Porterhouse Blue is a novel written by Tom Sharpe, first published in 1974. There was a Channel 4 TV series of the same name in 1987 based on the novel, adapted by Malcolm Bradbury. The novel itself has a sequel, Grantchester Grind, but Porterhouse Blue has a stand-alone plot.

A satirical look at Cambridge life and the struggle between tradition and reform, Porterhouse Blue tells the story of Skullion, the Head Porter of a fictional Cambridge college, Porterhouse.

The central characters are Skullion, the Head Porter; Lionel Zipser, a research graduate student; Sir Godber Evans, the Master; Lady Mary, the Master's wife; the Dean; and Mrs.

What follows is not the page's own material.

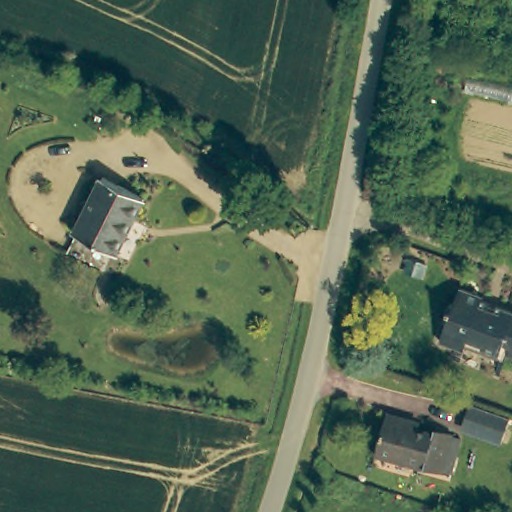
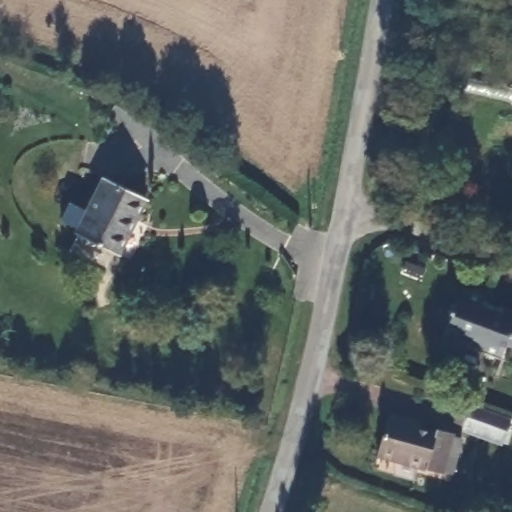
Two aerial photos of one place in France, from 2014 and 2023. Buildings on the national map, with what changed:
unchanged [(124,246),(115,264),(69,242),(77,223),(75,222),(102,166),(144,186),(134,207),(117,243),(124,246)]
unchanged [(479,295),(512,308),(512,351),(500,346),(499,350),(483,343),(481,348),(465,342),(462,348),(438,337),(446,317),(442,315),(450,295),(455,297),(460,284),(481,291),(479,295)]
unchanged [(495,402),(512,409),(512,437),(485,427),(495,402)]
unchanged [(444,474),(435,471),(434,473),(370,452),(383,411),(402,418),(415,422),(413,428),(429,433),(430,428),(447,434),(446,436),(455,439),(444,474)]

Biggs, Zipser's bedder.

For the first time in five hundred years, the master of Porterhouse fails to name his successor on his deathbed before dying. He succumbs to a Porterhouse Blue - a stroke brought about by overindulgence in the college's legendary cuisine. Sir Godber Evans is appointed as his successor. Sir Godber, egged on by his zealous wife, Lady Mary, announces sweeping changes to the centuries of college tradition, much to the concern of Skullion and the Fellows, who plan a counter-attack on the proposed contraceptive machines, women students, and canteen.

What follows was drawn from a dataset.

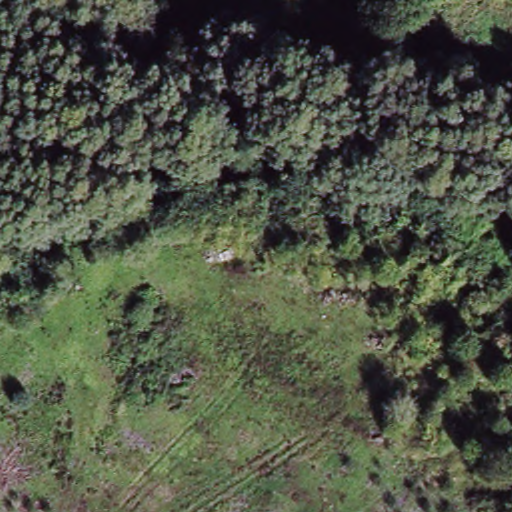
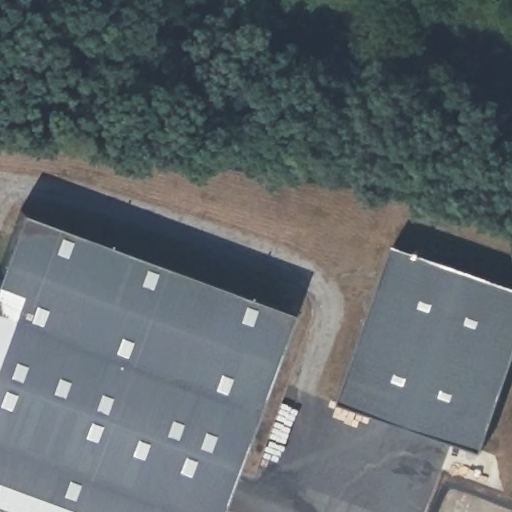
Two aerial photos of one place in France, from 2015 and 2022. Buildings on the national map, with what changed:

Meanwhile, the only research graduate student in the college, Lionel Zipser, visits the hard-of-hearing Chaplain and explains his fixation for Mrs Biggs, his middle-aged, large-breasted bedder, through a megaphone, and is therefore overheard by the whole college. Mrs Biggs is not within earshot, but nevertheless senses that something is up from Zipser's awkward behaviour around her every time she comes to clean his room and especially when she teases him sexually, the climax of which is when she asks him to help her take off her bright red PVC raincoat from behind, in the tight confines of the "gyp".